Re: What Ever Happened to the Cartwheel Space Station?

06/20/2011 8:32 AM

Another problem that nobody mentioned is trying to dock with something that keeps moving in a circle.

So far the only solution I have seen that would be practical would be to have some sort of hangar system located at the point of rotation al la 2001 A Space Odyssey in the image below.

I do remember seeing a proposal back before they started with the ISS that used a number of spent` shuttle fuel tanks linked together in a ring but I don't know how many tanks they intended to use or how fast it was going to rotate but it still had the problem with how do you dock with something that keeps moving.

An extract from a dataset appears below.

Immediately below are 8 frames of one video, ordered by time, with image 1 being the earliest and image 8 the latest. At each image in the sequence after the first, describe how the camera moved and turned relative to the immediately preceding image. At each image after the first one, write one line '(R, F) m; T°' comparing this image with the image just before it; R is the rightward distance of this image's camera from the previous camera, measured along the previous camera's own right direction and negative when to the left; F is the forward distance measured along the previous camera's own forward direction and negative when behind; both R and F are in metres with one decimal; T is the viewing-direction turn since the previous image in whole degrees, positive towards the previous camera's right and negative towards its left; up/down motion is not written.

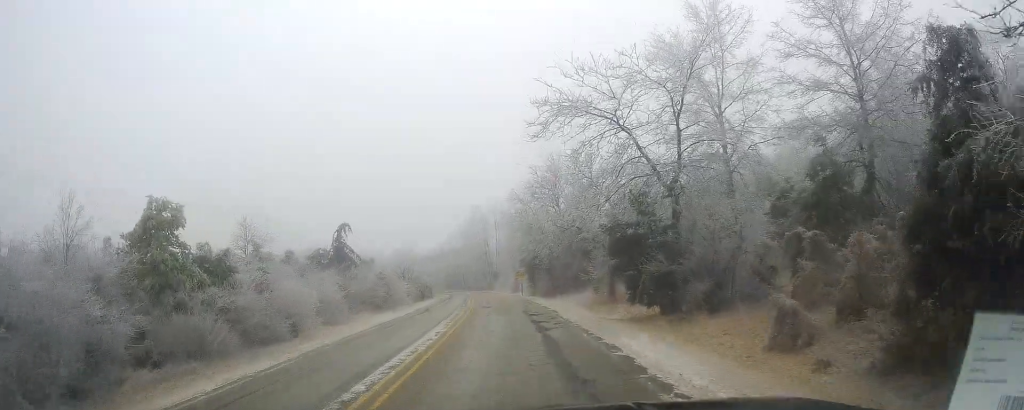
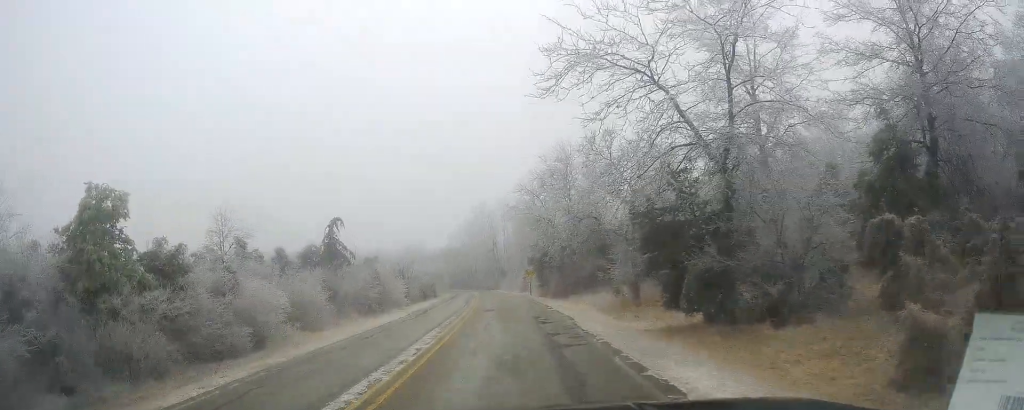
(0.0, +4.1) m; 0°
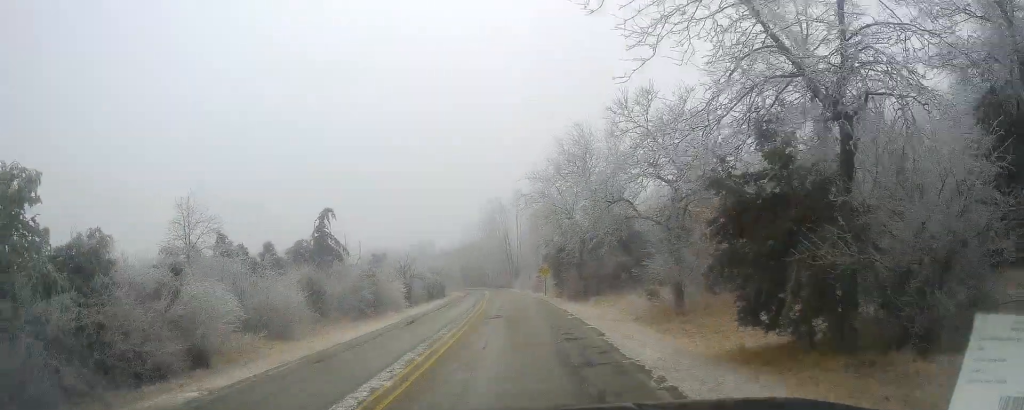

Something that nobody's mentioned is that aligning the solar panels with the sun isn't as bad as it first sounds because the gyroscopic effect would keep the station aligned with fixed point in the sky. That means that you would only have to correct for about 1° worth of rotation a day due to the Earth's rotation around the Sun. At the moment they need to correct for 180° every 45 minutes that they as they orbit the earth every 90 minutes or so.

By the way, if your ever lucky enough to see the sun reflect of the ISS solar arrays as it goes over head be prepared for a brilliantly bright flash that lasts for about 4 for 5 seconds. It several times brighter than the landing lights of an approaching aircraft and took me by complete surprize when I saw it.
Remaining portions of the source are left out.